With the likes of Adrian Frost from Artemis income and Neil Woodford of Invesco Perpetual income being strong managers in this arena, the new managers will need to prove themselves to stand out.

“Cross and Fosh will use their economic advantage process to run the first growth fund. This process identifies companies which have a durable economic advantage, allowing them to sustain a higher than average level of profitability for longer than expected. Anthony Cross has an excellent track record in smaller companies while Julian Fosh’s experience is across small, mid and large caps. They have a combined experience which ticks many of the right boxes for managing this fund.”

Bestinvest has chosen to place the funds on hold until it has met the managers while Old Broad Street Research has also chosen to remove the AA rating from the Liontrust first growth, first large cap and the Liontrust first income funds with immediate effect.

However, Liontrust chief executive Nigel Legge has been quick to highlight the appointments as forward-thinking moves on the part of the business, claiming that both the cashflow solution and economic advantage processes will be more beneficial than the current processes used by Lang and Pattisson.

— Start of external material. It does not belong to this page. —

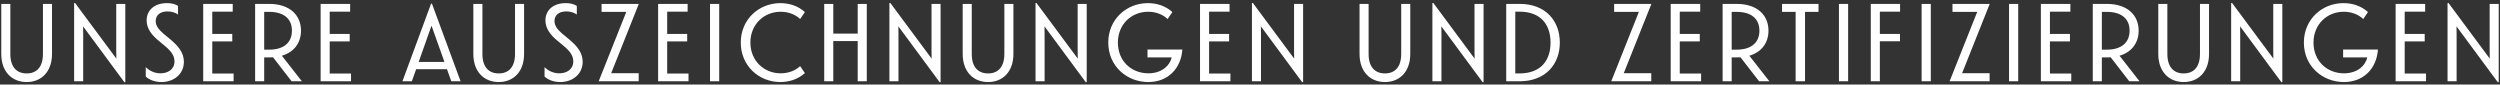 <svg width="769" height="26" viewBox="0 0 769 26" fill="none" xmlns="http://www.w3.org/2000/svg">
<rect x="0" y="0" width="769" height="26" fill="#333333" stroke="none"/>
<path d="M8.212 25.238C3.69 25.238 0.392 22.076 0.392 16.602V1.2H3.18V16.602C3.18 20.716 5.22 22.586 8.212 22.586C11.17 22.586 13.21 20.716 13.21 16.602V1.2H15.998V16.602C15.998 22.076 12.7 25.238 8.212 25.238ZM38.272 25.306L25.556 8.102L25.59 10.584V25H22.802V0.962L23.074 0.894L35.79 18.03L35.756 15.548V1.2H38.544V25.238L38.272 25.306ZM49.662 25.238C47.656 25.238 45.888 24.558 44.834 23.538V20.648C45.854 21.668 47.418 22.552 49.356 22.552C51.6 22.552 53.674 21.396 53.674 18.88C53.674 17.112 52.654 15.752 50.716 14.12L48.71 12.454C46.806 10.856 45.106 8.918 45.106 6.266C45.106 3.172 47.486 0.962 51.328 0.962C52.62 0.962 53.81 1.2 54.762 1.812V4.464C53.98 3.92 52.892 3.512 51.532 3.512C49.254 3.512 47.894 4.668 47.894 6.47C47.894 7.83 48.71 9.02 50.308 10.38L52.45 12.148C54.694 14.052 56.564 16.092 56.564 19.016C56.564 22.79 53.47 25.238 49.662 25.238ZM62.507 25V1.2H71.585V3.58H65.295V10.448H71.449V12.726H65.295V22.62H71.857V25H62.507ZM89.695 25L83.983 17.622C83.609 17.656 83.201 17.656 82.793 17.656H81.263V25H78.475V1.2H82.793C89.219 1.2 92.585 4.736 92.585 9.428C92.585 13.066 90.579 15.99 86.703 17.146L92.857 25H89.695ZM81.263 15.276H82.759C87.417 15.276 89.797 12.998 89.797 9.428C89.797 5.858 87.417 3.648 82.759 3.648H81.263V15.276ZM98.627 25V1.2H107.705V3.58H101.415V10.448H107.569V12.726H101.415V22.62H107.977V25H98.627ZM123.791 25L132.597 1.132H132.869L141.675 25H138.819L137.493 21.294H128.007L126.681 25H123.791ZM128.789 19.05H136.711L132.733 7.898L128.789 19.05ZM153.422 25.238C148.9 25.238 145.602 22.076 145.602 16.602V1.2H148.39V16.602C148.39 20.716 150.43 22.586 153.422 22.586C156.38 22.586 158.42 20.716 158.42 16.602V1.2H161.208V16.602C161.208 22.076 157.91 25.238 153.422 25.238ZM172.329 25.238C170.323 25.238 168.555 24.558 167.501 23.538V20.648C168.521 21.668 170.085 22.552 172.023 22.552C174.267 22.552 176.341 21.396 176.341 18.88C176.341 17.112 175.321 15.752 173.383 14.12L171.377 12.454C169.473 10.856 167.773 8.918 167.773 6.266C167.773 3.172 170.153 0.962 173.995 0.962C175.287 0.962 176.477 1.2 177.429 1.812V4.464C176.647 3.92 175.559 3.512 174.199 3.512C171.921 3.512 170.561 4.668 170.561 6.47C170.561 7.83 171.377 9.02 172.975 10.38L175.117 12.148C177.361 14.052 179.231 16.092 179.231 19.016C179.231 22.79 176.137 25.238 172.329 25.238ZM184.154 25L192.654 3.648H185.038V1.2H196.496L187.996 22.518H196.462V25H184.154ZM202.437 25V1.2H211.515V3.58H205.225V10.448H211.379V12.726H205.225V22.62H211.787V25H202.437ZM218.405 25V1.2H221.227V25H218.405ZM240.034 25.238C233.472 25.238 227.862 20.274 227.862 13.1C227.862 5.892 233.506 0.962 240.034 0.962C242.856 0.962 245.542 1.846 247.582 3.716L246.12 5.858C244.624 4.43 242.516 3.614 240.136 3.614C235.002 3.614 230.82 7.49 230.82 13.1C230.82 18.676 235.002 22.552 240.136 22.552C242.516 22.552 244.624 21.736 246.12 20.342L247.582 22.484C245.542 24.32 242.856 25.238 240.034 25.238ZM253.529 25V1.2H256.317V10.346H263.831V1.2H266.619V25H263.831V12.624H256.317V25H253.529ZM289.051 25.306L276.335 8.102L276.369 10.584V25H273.581V0.962L273.853 0.894L286.569 18.03L286.535 15.548V1.2H289.323V25.238L289.051 25.306ZM303.943 25.238C299.421 25.238 296.123 22.076 296.123 16.602V1.2H298.911V16.602C298.911 20.716 300.951 22.586 303.943 22.586C306.901 22.586 308.941 20.716 308.941 16.602V1.2H311.729V16.602C311.729 22.076 308.431 25.238 303.943 25.238ZM334.003 25.306L321.287 8.102L321.321 10.584V25H318.533V0.962L318.805 0.894L331.521 18.03L331.487 15.548V1.2H334.275V25.238L334.003 25.306ZM353.213 25.238C346.685 25.238 340.905 20.41 340.905 13.1C340.905 5.892 346.549 0.962 353.077 0.962C355.899 0.962 358.585 1.846 360.625 3.716L359.163 5.858C357.667 4.43 355.559 3.614 353.179 3.614C348.011 3.614 343.863 7.49 343.863 13.1C343.863 18.812 348.045 22.552 353.247 22.552C357.293 22.552 359.809 20.24 360.421 17.656H352.975V15.242H363.685C363.311 20.886 359.435 25.238 353.213 25.238ZM369.129 25V1.2H378.207V3.58H371.917V10.448H378.071V12.726H371.917V22.62H378.479V25H369.129ZM400.567 25.306L387.851 8.102L387.885 10.584V25H385.097V0.962L385.369 0.894L398.085 18.03L398.051 15.548V1.2H400.839V25.238L400.567 25.306ZM426.015 25.238C421.493 25.238 418.195 22.076 418.195 16.602V1.2H420.983V16.602C420.983 20.716 423.023 22.586 426.015 22.586C428.973 22.586 431.013 20.716 431.013 16.602V1.2H433.801V16.602C433.801 22.076 430.503 25.238 426.015 25.238ZM456.075 25.306L443.359 8.102L443.393 10.584V25H440.605V0.962L440.877 0.894L453.593 18.03L453.559 15.548V1.2H456.347V25.238L456.075 25.306ZM463.313 25V1.2H467.495C475.417 1.2 479.803 6.402 479.803 13.1C479.803 19.764 475.383 25 467.461 25H463.313ZM466.101 22.586H467.359C474.057 22.586 476.947 18.506 476.947 13.1C476.947 7.694 474.057 3.58 467.359 3.58H466.101V22.586ZM495.624 25L504.124 3.648H496.508V1.2H507.966L499.466 22.518H507.932V25H495.624ZM513.907 25V1.2H522.985V3.58H516.695V10.448H522.849V12.726H516.695V22.62H523.257V25H513.907ZM541.095 25L535.383 17.622C535.009 17.656 534.601 17.656 534.193 17.656H532.663V25H529.875V1.2H534.193C540.619 1.2 543.985 4.736 543.985 9.428C543.985 13.066 541.979 15.99 538.103 17.146L544.257 25H541.095ZM532.663 15.276H534.159C538.817 15.276 541.197 12.998 541.197 9.428C541.197 5.858 538.817 3.648 534.159 3.648H532.663V15.276ZM552.337 25V3.648H548.155V1.2H559.375V3.648H555.227V25H552.337ZM565.662 25V1.2H568.484V25H565.662ZM575.454 25V1.2H584.464V3.58H578.242V10.448H584.43V12.692H578.242V25H575.454ZM591.09 25V1.2H593.912V25H591.09ZM599.697 25L608.197 3.648H600.581V1.2H612.039L603.539 22.518H612.005V25H599.697ZM617.98 25V1.2H620.802V25H617.98ZM627.772 25V1.2H636.85V3.58H630.56V10.448H636.714V12.726H630.56V22.62H637.122V25H627.772ZM654.96 25L649.248 17.622C648.874 17.656 648.466 17.656 648.058 17.656H646.528V25H643.74V1.2H648.058C654.484 1.2 657.85 4.736 657.85 9.428C657.85 13.066 655.844 15.99 651.968 17.146L658.122 25H654.96ZM646.528 15.276H648.024C652.682 15.276 655.062 12.998 655.062 9.428C655.062 5.858 652.682 3.648 648.024 3.648H646.528V15.276ZM671.712 25.238C667.19 25.238 663.892 22.076 663.892 16.602V1.2H666.68V16.602C666.68 20.716 668.72 22.586 671.712 22.586C674.67 22.586 676.71 20.716 676.71 16.602V1.2H679.498V16.602C679.498 22.076 676.2 25.238 671.712 25.238ZM701.771 25.306L689.055 8.102L689.089 10.584V25H686.301V0.962L686.573 0.894L699.289 18.03L699.255 15.548V1.2H702.043V25.238L701.771 25.306ZM720.981 25.238C714.453 25.238 708.673 20.41 708.673 13.1C708.673 5.892 714.317 0.962 720.845 0.962C723.667 0.962 726.353 1.846 728.393 3.716L726.931 5.858C725.435 4.43 723.327 3.614 720.947 3.614C715.779 3.614 711.631 7.49 711.631 13.1C711.631 18.812 715.813 22.552 721.015 22.552C725.061 22.552 727.577 20.24 728.189 17.656H720.743V15.242H731.453C731.079 20.886 727.203 25.238 720.981 25.238ZM736.897 25V1.2H745.975V3.58H739.685V10.448H745.839V12.726H739.685V22.62H746.247V25H736.897ZM768.335 25.306L755.619 8.102L755.653 10.584V25H752.865V0.962L753.137 0.894L765.853 18.03L765.819 15.548V1.2H768.607V25.238L768.335 25.306Z" fill="white"/>
</svg>

He says: “We have appointed experienced managers with processes that are more up to date than the ones that are already in operation across the funds in question. Both Lang and Pattisson’s processes traditionally did well in that they found stocks that ‘surprised before they surprised’ but as time has gone on, that has become more difficult to achieve through their current processes.

We feel that these processes can do that again as they are an evolution of the work. Why should we look for a big-name fund manager or managers when we have experienced names with stellar track records in house?”

Legge views are borne out in recent returns, with Lang’s income fund currently fourth quartile over one and three years in the IMA UK equity income sector. However Pattison’s large-cap fund has performed well, sitting 85th out of 314 in the UK all-companies sector over 12 months. First growth is currently 211 out of 314 over 12 months.